Es war angenehm überrascht, dass alle Städte und alles in ihnen für Menschen mit besonderen Bedürfnissen ausgestattet sind. Menschen mit Behinderungen unterschiedlicher Schwere sind überall: Sie gehen einkaufen, gehen in Parks spazieren, fahren mit dem Zug, sitzen in Restaurants. Manchmal sehe ich Leute mit Sauerstofftanks auf der Straße. Sie kaufen zum Beispiel Produkte auf dem Markt. Menschen mit Behinderungen leben hier ein rundum erfülltes Leben.

- Wenn Sie an der Stelle einer in Deutschland lebenden Person sind, gibt es etwas, das Touristen überrascht?

- Touristen aus verschiedenen Ländern haben ihre eigenen Merkmale. Aber bisher habe ich nichts besonders überraschendes gesehen. Wir selbst fühlen uns manchmal manchmal wie Touristen :)

- Ist das Leben in Deutschland im Allgemeinen besser oder schlechter als in Kiew?

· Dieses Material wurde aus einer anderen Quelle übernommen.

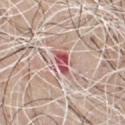Q: Was a biopsy performed?
A: catalogued during a skin exam; not biopsied
Q: What is the imaging modality?
A: 15 mm crop, total-body photography
Q: What are the patient's age and sex?
A: male, approximately 70 years of age
Q: What is the anatomic site?
A: the chest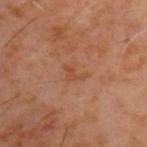Image and clinical context: The patient is a male aged approximately 60. On the back. A close-up tile cropped from a whole-body skin photograph, about 15 mm across. Captured under cross-polarized illumination. About 2.5 mm across.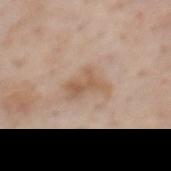automated lesion analysis: a footprint of about 6.5 mm², an eccentricity of roughly 0.8, and a shape-asymmetry score of about 0.4 (0 = symmetric); a border-irregularity rating of about 5.5/10, a within-lesion color-variation index near 2.5/10, and a peripheral color-asymmetry measure near 1
image: ~15 mm tile from a whole-body skin photo
anatomic site: the mid back
subject: male, approximately 60 years of age

- Das Leben in Kiew war wunderbar und wir vermissen unsere Heimatstadt fürchterlich. Aber wahrscheinlich, wenn hier alles viel schlimmer wäre, wären wir schon zurück. Es gibt einige Momente ausschließlich im Haushalt, die Unbehagen verursachen: das schreckliche Internet, das geschmacklose Essen in den Betrieben, das Fehlen eines guten Kosmetikdienstes und die Unfähigkeit, sonntags oder an Feiertagen einkaufen zu gehen, weil alles (!) Geschlossen ist. Andere Probleme scheinen mir im Laufe der Zeit zu überwinden, auch mentale. Aber auf der anderen Seite der Skala - EU-Staatsbürgerschaft, visafreie Einreise in die meisten Länder der Welt, ausgezeichnete Medizin, Versicherungen in vielen Bereichen. Darüber hinaus zeichnet sich Bayern durch außergewöhnliche Sicherheit und einwandfreie Ökologie aus. Und wie dem auch sei, es gibt oft freundliche Menschen aus verschiedenen Ländern, mit denen es interessant ist, zu kommunizieren. Wir haben bereits sehr nette Deutsche, Kroaten, Italiener, Griechen, Armenier und Juden kennengelernt.

Jetzt kann ich mit Zuversicht sagen, dass der Umzug in ein anderes Land (besonders in ein so schwieriges Land wie Deutschland) kein Glücksspiel für Weicheier ist. Dies ist der ehrgeizigste Weg aus der Komfortzone, den Sie sich vorstellen können. Aber wenn Sie damit fertig werden, kann kein anderes Ereignis im Leben Ihre Grenzen und Horizonte erweitern und Ihren Charakter auf diese Art und Weise lindern.